Task item.
Repeat exactly the lines from the start of the material below up to and including the "typeface? A: Serif." line.

_____

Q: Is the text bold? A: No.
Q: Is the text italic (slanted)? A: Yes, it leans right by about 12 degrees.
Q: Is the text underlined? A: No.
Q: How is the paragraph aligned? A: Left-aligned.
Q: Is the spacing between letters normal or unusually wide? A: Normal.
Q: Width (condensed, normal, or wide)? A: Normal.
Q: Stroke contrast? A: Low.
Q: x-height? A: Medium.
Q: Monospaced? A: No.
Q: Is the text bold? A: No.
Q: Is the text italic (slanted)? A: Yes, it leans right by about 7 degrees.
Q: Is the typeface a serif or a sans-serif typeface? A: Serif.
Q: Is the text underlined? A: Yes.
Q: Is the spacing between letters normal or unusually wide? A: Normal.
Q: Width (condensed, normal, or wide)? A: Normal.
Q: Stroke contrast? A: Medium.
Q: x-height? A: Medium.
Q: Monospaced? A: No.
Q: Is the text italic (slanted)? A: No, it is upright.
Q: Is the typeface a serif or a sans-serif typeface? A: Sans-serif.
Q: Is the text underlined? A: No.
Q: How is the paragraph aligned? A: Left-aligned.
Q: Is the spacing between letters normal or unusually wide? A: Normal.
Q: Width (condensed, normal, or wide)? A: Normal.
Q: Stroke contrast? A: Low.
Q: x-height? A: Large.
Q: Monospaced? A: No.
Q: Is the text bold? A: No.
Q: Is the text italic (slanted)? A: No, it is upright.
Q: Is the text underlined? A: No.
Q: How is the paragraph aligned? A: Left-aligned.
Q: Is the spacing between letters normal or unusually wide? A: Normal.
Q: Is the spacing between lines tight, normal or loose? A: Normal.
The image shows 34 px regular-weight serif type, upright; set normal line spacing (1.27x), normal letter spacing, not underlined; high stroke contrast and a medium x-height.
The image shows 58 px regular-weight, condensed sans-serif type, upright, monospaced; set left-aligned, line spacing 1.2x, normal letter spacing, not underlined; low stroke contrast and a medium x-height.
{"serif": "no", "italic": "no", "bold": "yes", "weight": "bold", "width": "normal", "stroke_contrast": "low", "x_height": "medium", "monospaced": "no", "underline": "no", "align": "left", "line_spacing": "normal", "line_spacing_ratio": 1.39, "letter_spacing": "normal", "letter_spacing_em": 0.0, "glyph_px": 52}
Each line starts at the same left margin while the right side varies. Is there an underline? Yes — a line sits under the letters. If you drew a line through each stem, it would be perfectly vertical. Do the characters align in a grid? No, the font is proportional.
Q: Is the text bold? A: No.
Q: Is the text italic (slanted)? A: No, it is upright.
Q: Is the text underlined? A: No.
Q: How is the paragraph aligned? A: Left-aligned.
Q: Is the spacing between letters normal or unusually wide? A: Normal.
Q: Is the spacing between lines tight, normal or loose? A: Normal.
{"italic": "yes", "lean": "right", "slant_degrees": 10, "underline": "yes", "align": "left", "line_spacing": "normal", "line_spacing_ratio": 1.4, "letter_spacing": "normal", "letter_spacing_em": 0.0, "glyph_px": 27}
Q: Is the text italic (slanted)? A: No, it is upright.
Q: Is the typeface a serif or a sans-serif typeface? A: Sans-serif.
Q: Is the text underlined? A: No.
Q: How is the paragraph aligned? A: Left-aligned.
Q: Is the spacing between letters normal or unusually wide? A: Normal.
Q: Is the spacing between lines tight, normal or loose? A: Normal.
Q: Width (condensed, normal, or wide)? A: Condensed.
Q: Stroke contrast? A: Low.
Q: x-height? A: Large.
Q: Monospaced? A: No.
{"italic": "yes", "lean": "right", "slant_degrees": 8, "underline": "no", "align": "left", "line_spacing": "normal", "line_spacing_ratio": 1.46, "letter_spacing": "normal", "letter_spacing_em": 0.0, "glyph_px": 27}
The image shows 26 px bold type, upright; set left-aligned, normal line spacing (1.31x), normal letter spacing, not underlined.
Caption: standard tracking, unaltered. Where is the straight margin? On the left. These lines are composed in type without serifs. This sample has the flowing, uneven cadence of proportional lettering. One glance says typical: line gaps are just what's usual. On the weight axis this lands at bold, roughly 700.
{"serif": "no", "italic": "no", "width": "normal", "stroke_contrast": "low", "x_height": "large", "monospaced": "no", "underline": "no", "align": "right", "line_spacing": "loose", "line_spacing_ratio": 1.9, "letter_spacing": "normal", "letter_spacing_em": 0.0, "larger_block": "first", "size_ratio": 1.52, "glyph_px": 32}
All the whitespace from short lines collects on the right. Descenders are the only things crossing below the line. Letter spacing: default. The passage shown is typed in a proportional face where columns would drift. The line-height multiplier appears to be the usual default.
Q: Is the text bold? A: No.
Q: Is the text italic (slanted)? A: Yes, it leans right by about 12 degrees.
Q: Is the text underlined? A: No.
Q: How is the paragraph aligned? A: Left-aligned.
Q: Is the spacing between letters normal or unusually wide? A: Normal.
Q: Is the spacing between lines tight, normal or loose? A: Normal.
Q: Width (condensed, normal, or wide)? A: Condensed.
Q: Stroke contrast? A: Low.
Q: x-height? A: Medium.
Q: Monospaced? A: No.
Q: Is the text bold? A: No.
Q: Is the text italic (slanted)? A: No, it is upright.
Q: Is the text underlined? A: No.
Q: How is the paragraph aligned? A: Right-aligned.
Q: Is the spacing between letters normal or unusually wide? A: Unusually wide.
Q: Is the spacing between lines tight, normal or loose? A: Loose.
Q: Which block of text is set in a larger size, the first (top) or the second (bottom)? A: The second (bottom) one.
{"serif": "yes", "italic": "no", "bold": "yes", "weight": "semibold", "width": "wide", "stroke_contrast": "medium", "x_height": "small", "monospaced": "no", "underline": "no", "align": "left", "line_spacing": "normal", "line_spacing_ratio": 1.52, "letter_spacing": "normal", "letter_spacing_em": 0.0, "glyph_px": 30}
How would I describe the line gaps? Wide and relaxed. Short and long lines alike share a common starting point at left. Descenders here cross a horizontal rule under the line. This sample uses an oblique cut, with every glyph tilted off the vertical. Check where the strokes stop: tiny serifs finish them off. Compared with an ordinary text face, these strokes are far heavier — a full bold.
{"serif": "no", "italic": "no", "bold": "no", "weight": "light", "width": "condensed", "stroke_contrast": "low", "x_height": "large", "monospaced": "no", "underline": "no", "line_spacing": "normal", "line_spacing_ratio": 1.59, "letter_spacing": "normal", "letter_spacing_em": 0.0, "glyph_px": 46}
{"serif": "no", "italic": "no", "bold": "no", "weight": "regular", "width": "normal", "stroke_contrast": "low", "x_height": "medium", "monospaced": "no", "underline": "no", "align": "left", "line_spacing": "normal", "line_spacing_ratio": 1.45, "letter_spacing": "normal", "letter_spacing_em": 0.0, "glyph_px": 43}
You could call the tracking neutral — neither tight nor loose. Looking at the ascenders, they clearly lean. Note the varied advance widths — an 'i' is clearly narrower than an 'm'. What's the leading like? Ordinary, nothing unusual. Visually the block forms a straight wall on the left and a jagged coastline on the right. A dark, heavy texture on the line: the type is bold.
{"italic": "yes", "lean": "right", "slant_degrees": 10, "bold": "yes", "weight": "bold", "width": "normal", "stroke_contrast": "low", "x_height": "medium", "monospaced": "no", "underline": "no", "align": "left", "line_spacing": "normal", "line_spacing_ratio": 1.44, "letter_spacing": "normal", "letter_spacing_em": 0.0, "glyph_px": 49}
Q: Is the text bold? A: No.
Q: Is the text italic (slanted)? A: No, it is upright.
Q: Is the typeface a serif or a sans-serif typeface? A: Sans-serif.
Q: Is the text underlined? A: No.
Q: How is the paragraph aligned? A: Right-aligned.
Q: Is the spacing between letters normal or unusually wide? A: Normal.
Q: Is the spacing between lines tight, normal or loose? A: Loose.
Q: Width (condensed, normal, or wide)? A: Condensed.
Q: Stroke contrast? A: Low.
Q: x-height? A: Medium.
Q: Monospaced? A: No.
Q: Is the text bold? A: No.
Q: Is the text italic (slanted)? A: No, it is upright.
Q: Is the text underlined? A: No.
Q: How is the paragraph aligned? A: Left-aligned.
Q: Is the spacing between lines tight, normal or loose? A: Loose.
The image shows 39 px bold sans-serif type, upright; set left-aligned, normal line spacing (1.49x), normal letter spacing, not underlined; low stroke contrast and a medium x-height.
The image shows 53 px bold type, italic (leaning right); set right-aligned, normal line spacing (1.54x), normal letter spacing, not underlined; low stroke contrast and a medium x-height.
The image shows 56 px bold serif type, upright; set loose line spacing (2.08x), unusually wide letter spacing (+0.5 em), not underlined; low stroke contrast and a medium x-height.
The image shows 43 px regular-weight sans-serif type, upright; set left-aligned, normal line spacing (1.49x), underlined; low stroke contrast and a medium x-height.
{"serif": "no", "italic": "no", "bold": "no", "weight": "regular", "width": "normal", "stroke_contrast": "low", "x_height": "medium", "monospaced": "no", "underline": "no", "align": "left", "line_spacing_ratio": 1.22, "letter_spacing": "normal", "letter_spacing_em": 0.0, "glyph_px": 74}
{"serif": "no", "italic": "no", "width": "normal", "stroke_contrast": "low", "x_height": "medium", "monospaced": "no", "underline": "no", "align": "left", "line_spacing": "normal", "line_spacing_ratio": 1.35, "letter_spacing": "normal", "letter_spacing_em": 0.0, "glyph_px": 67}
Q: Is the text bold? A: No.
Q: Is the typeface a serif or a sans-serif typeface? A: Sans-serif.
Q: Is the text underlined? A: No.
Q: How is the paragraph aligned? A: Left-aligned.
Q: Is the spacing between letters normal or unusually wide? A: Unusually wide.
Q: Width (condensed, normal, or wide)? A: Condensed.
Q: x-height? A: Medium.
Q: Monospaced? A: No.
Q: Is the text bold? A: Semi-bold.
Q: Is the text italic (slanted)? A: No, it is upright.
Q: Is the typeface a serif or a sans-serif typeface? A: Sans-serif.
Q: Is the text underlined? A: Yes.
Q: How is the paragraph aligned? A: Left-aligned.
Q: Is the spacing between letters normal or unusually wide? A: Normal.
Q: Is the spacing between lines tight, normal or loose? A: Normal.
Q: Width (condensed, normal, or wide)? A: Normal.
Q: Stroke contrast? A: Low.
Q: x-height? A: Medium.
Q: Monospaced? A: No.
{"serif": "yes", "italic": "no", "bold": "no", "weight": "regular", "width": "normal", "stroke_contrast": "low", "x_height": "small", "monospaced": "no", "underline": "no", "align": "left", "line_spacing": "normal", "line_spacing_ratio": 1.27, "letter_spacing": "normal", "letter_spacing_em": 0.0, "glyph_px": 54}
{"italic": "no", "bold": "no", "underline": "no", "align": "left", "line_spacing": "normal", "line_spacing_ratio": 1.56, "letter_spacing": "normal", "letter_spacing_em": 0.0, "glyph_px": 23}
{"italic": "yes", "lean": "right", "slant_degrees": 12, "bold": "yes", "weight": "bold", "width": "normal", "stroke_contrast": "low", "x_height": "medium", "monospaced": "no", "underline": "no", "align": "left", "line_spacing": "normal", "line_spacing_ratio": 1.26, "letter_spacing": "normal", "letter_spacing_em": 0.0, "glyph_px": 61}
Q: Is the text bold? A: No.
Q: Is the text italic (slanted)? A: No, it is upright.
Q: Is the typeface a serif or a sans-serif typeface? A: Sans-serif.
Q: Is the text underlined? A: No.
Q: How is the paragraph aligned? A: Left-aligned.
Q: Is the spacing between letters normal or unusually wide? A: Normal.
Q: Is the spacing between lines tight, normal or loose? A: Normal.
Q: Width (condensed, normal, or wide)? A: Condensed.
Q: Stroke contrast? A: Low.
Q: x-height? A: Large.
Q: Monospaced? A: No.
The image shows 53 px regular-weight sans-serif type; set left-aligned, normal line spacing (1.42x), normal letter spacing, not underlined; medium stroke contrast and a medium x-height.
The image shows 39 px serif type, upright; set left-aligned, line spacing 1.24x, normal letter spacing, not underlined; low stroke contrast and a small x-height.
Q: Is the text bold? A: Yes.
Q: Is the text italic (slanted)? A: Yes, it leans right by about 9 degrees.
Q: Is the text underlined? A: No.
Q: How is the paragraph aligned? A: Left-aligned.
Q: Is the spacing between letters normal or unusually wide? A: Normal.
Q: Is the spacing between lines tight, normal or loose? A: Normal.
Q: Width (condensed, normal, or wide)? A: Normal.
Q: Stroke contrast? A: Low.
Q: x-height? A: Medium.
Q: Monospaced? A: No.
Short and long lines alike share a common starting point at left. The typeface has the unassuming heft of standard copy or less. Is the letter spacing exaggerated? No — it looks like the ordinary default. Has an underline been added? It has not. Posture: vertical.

_____

Answer below.
Q: Is the text bold? A: No.
Q: Is the text italic (slanted)? A: Yes, it leans right by about 12 degrees.
Q: Is the text underlined? A: No.
Q: How is the paragraph aligned? A: Left-aligned.
Q: Is the spacing between letters normal or unusually wide? A: Normal.
Q: Width (condensed, normal, or wide)? A: Normal.
Q: Stroke contrast? A: Low.
Q: x-height? A: Medium.
Q: Monospaced? A: No.
Q: Is the text bold? A: No.
Q: Is the text italic (slanted)? A: Yes, it leans right by about 7 degrees.
Q: Is the typeface a serif or a sans-serif typeface? A: Serif.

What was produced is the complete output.